*How to complete this task*
Nothing but the lines from the one with "cover by kind: coniferous" through the end of the listing below should appear in your reply, each copied exactly.

··· Data to process

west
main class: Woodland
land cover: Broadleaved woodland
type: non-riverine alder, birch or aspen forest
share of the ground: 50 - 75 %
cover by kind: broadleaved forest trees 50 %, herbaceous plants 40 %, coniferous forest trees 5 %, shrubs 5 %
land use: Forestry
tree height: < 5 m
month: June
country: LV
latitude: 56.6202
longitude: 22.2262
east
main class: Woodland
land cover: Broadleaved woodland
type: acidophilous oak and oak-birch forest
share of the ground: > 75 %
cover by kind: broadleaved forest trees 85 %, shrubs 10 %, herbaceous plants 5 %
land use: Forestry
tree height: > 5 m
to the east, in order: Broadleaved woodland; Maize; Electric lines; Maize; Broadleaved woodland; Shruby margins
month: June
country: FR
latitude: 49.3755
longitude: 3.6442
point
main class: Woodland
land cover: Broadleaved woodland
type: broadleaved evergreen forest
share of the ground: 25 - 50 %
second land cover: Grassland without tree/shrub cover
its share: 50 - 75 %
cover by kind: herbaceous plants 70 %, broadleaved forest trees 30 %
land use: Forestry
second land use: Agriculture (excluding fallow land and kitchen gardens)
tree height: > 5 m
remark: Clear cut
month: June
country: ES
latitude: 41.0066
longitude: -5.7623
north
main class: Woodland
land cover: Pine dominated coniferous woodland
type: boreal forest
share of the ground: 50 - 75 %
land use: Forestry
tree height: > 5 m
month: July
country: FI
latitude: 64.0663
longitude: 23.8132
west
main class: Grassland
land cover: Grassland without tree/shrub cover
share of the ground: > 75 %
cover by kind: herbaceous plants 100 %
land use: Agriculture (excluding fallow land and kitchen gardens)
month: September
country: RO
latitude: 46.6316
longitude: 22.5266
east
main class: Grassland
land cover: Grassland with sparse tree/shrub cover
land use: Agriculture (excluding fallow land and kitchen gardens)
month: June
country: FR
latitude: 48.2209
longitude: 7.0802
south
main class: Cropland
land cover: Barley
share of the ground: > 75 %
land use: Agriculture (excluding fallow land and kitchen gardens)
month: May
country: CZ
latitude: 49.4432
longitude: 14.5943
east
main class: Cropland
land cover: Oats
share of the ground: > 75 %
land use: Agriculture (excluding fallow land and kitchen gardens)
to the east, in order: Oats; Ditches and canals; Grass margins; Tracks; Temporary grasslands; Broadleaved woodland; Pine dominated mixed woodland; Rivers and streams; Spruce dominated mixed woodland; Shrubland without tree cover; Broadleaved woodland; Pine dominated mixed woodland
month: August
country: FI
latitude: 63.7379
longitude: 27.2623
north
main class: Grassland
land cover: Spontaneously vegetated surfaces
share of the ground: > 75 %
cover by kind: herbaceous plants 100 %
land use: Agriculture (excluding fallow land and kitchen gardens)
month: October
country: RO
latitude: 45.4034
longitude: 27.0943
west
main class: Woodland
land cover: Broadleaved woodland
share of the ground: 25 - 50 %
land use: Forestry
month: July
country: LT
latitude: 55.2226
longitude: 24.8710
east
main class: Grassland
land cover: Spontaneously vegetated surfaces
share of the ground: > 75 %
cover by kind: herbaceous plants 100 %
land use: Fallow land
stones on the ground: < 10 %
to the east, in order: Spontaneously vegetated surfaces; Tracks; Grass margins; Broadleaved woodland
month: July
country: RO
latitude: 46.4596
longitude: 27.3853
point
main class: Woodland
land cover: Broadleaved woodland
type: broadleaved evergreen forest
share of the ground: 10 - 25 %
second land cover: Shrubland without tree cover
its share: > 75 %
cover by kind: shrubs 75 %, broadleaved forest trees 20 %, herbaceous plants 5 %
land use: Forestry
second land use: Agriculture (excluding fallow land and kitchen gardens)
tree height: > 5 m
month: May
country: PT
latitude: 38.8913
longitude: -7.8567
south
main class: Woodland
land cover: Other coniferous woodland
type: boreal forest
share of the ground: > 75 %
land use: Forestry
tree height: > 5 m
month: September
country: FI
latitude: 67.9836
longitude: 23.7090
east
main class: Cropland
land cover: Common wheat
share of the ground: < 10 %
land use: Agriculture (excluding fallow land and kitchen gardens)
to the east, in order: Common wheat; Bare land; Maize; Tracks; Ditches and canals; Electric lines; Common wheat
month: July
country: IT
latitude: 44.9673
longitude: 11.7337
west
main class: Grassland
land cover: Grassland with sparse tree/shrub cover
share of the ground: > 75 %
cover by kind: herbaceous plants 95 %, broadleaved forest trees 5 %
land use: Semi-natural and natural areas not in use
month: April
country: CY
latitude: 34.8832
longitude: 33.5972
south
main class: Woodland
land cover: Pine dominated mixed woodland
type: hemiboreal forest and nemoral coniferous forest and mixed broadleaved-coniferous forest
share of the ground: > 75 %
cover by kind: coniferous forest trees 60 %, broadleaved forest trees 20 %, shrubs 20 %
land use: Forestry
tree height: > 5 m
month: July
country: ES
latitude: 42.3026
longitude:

······

*Task result*
cover by kind: coniferous forest trees 60 %, broadleaved forest trees 20 %, shrubs 20 %
land use: Forestry
tree height: > 5 m
month: July
country: ES
latitude: 42.3026
longitude:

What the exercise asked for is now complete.